All enclosures are loaded as a single dask.GeoDataFrame and measured at once.

%%time
# Load data
encl = dask_geopandas.read_parquet("../../urbangrammar_samba/spatial_signatures/enclosures/encl_*.pq")

# Area
encl['ldeAre'] = encl.geometry.area

# Perimeter
encl['ldePer'] = encl.geometry.length

# Circular compacntess
hull = encl.geometry.convex_hull.exterior

radius = hull.apply(lambda g: _circle_radius(list(g.coords)) if g is not None else None, meta='float')
encl['lseCCo'] = encl['ldeAre'] / (np.pi * radius ** 2)

# Equivalent rectangular index
bbox = encl.geometry.apply(lambda g: g.minimum_rotated_rectangle if g is not None else None, meta=geopandas.GeoSeries())
encl['lseERI'] = (encl['ldeAre'] / bbox.area).pow(1./2) * (bbox.length / encl['ldePer'])

# Compactness-weighted axis
longest_axis = hull.apply(lambda g: _circle_radius(list(g.coords)), meta='float') * 2
encl['lseCWA'] = longest_axis * ((4 / np.pi) - (16 * encl['ldeAre']) / ((encl['ldePer']) ** 2))

# Solar orientation
encl['lteOri'] = bbox.apply(lambda g: solar_orientation_poly(g), meta='float')
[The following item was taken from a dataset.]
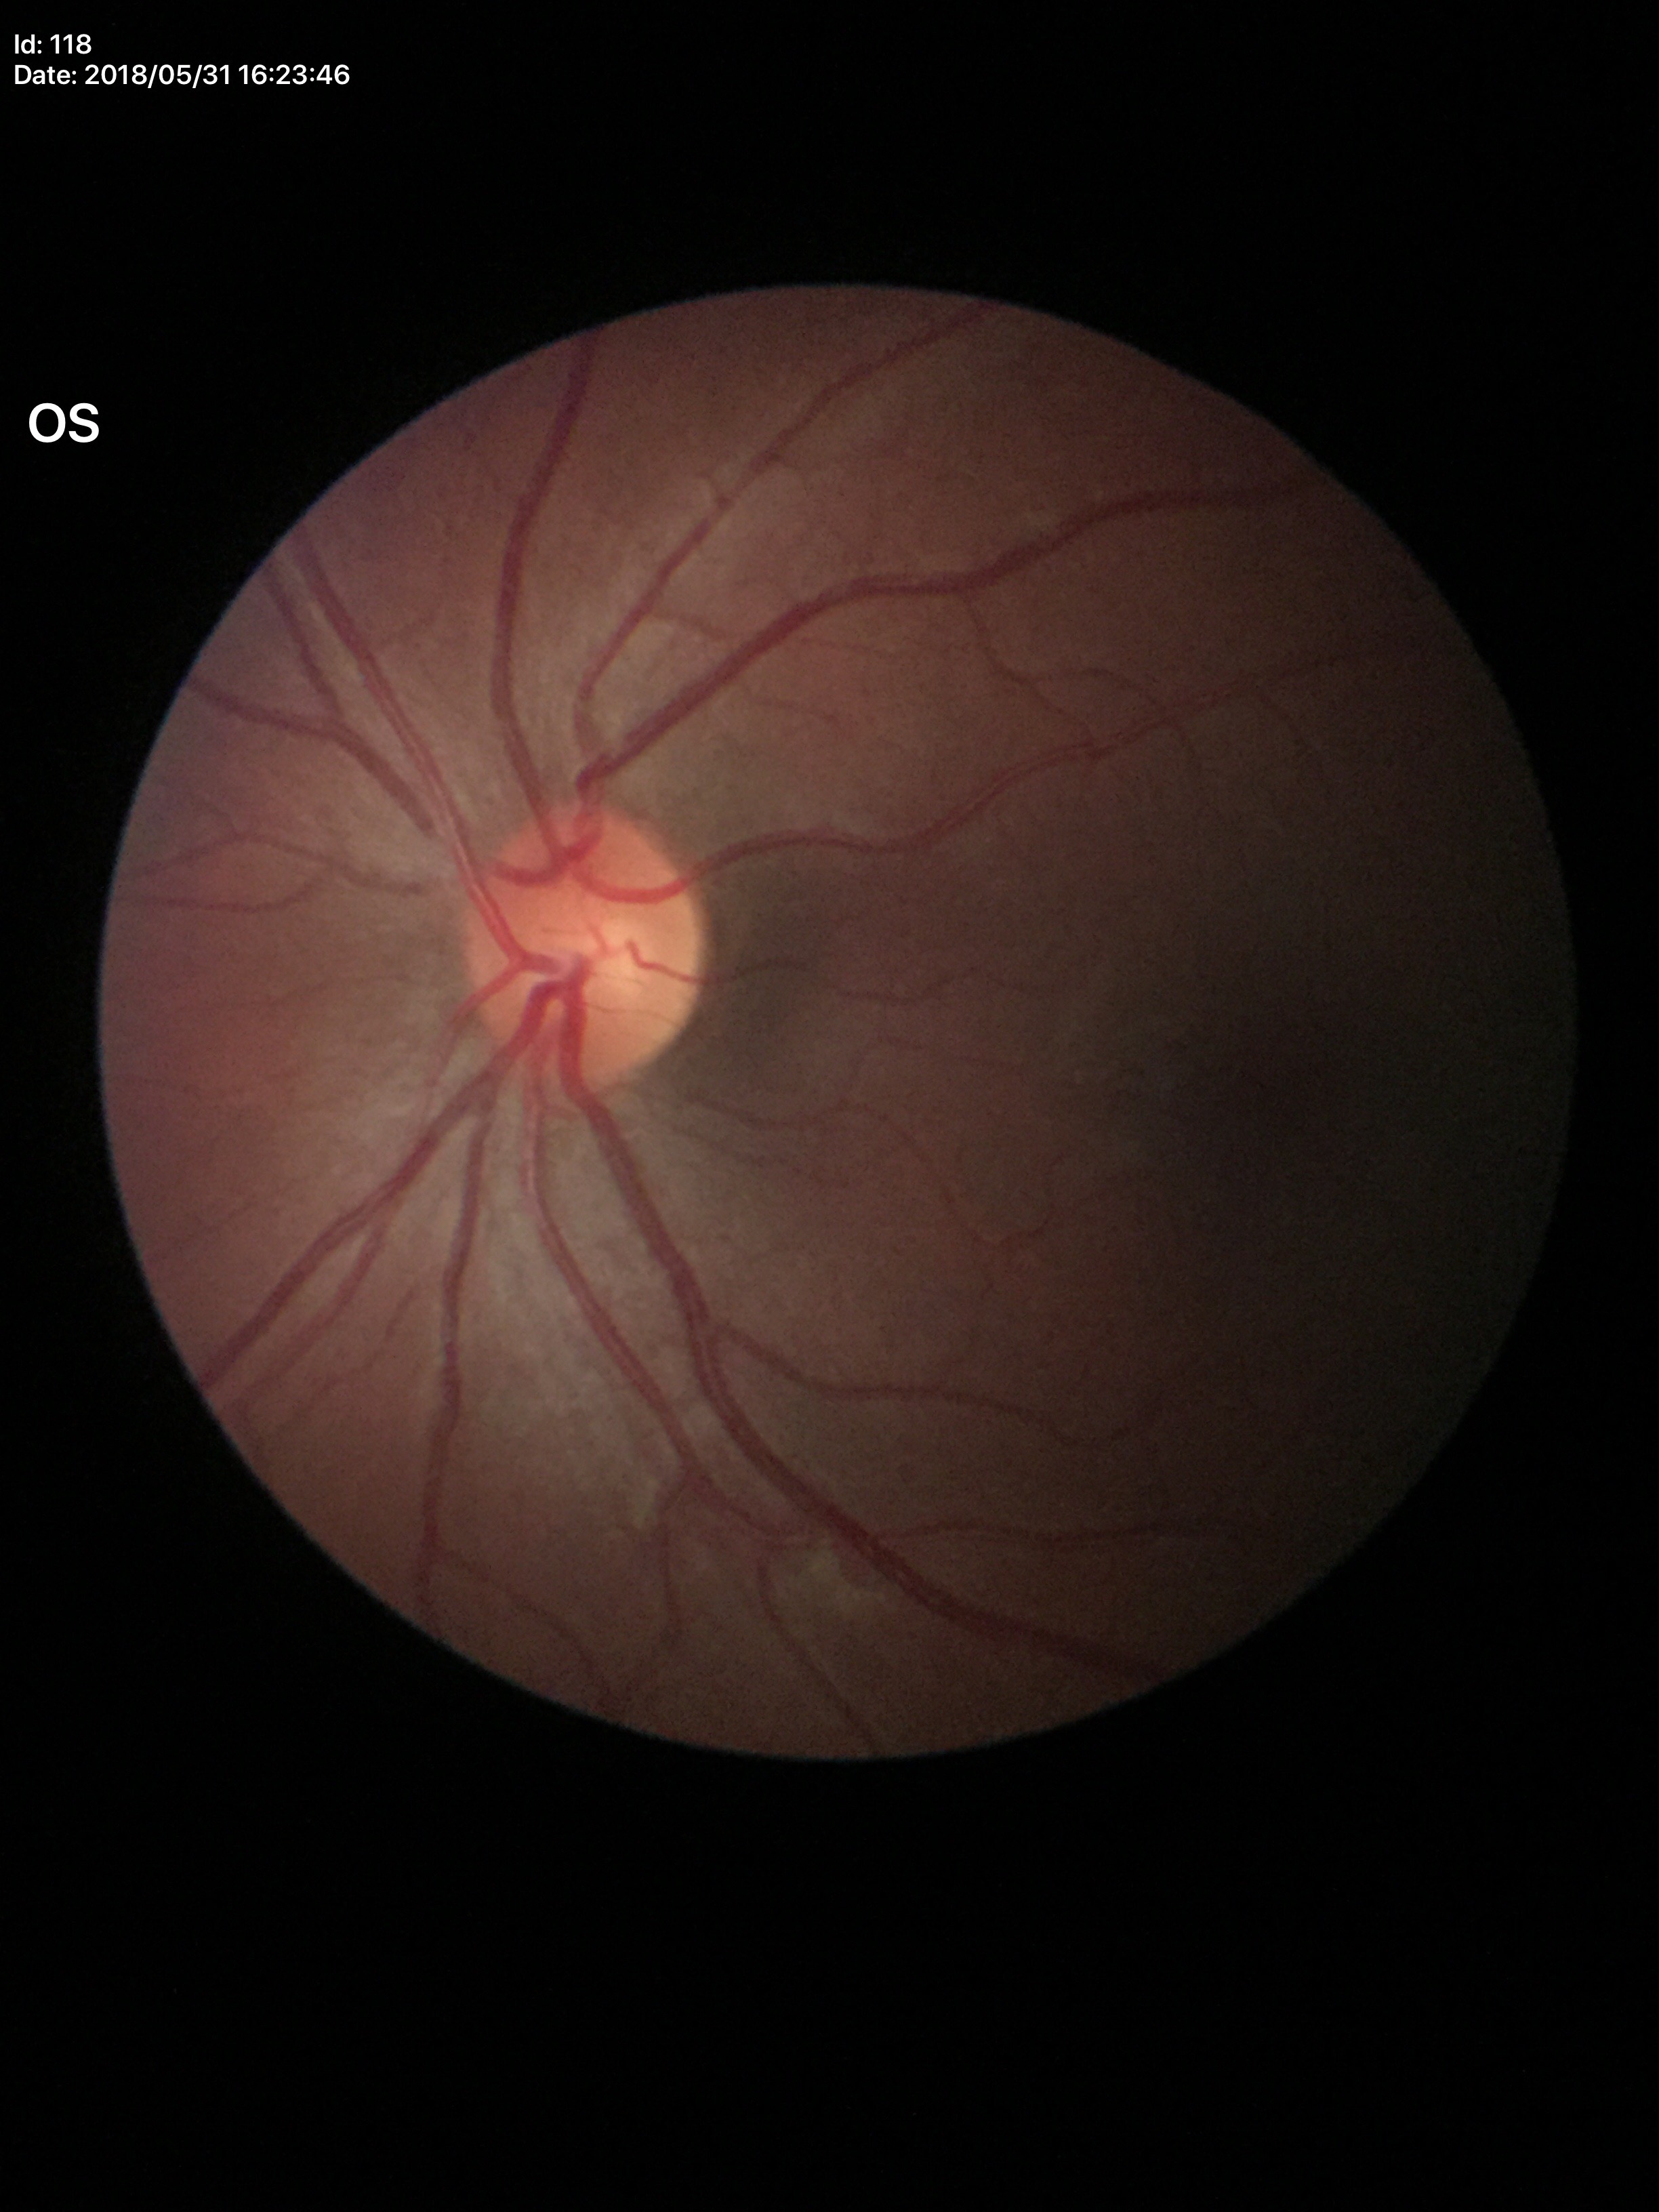

* Glaucoma screening — no suspicious findings
* vertical C/D ratio — 0.42

# Compute data and return geopandas.GeoDataFrame
encl_df = encl.compute()

# Weighted number of neighbors
inp, res = encl_df.sindex.query_bulk(encl_df.geometry, predicate='intersects')
indices, counts = np.unique(inp, return_counts=True)
encl_df['neighbors'] = counts - 1
encl_df['lteWNB'] = encl_df['neighbors'] / encl_df['ldePer']

# Load complete enclosed tessellation as a dask.GeoDataFrame
tess = dd.read_parquet("../../urbangrammar_samba/spatial_signatures/tessellation/tess_*.pq")

# Measure weighted cells within enclosure
encl_counts = tess.groupby('enclosureID').count().compute()
merged = encl_df[['enclosureID', 'ldeAre']].merge(encl_counts[['geometry']], how='left', on='enclosureID')
encl_df['lieWCe'] = merged['geometry'] / merged['ldeAre']

# Save data to parquet
encl_df.drop(columns='geometry').to_parquet("../../urbangrammar_samba/spatial_signatures/morphometrics/enclosures.pq")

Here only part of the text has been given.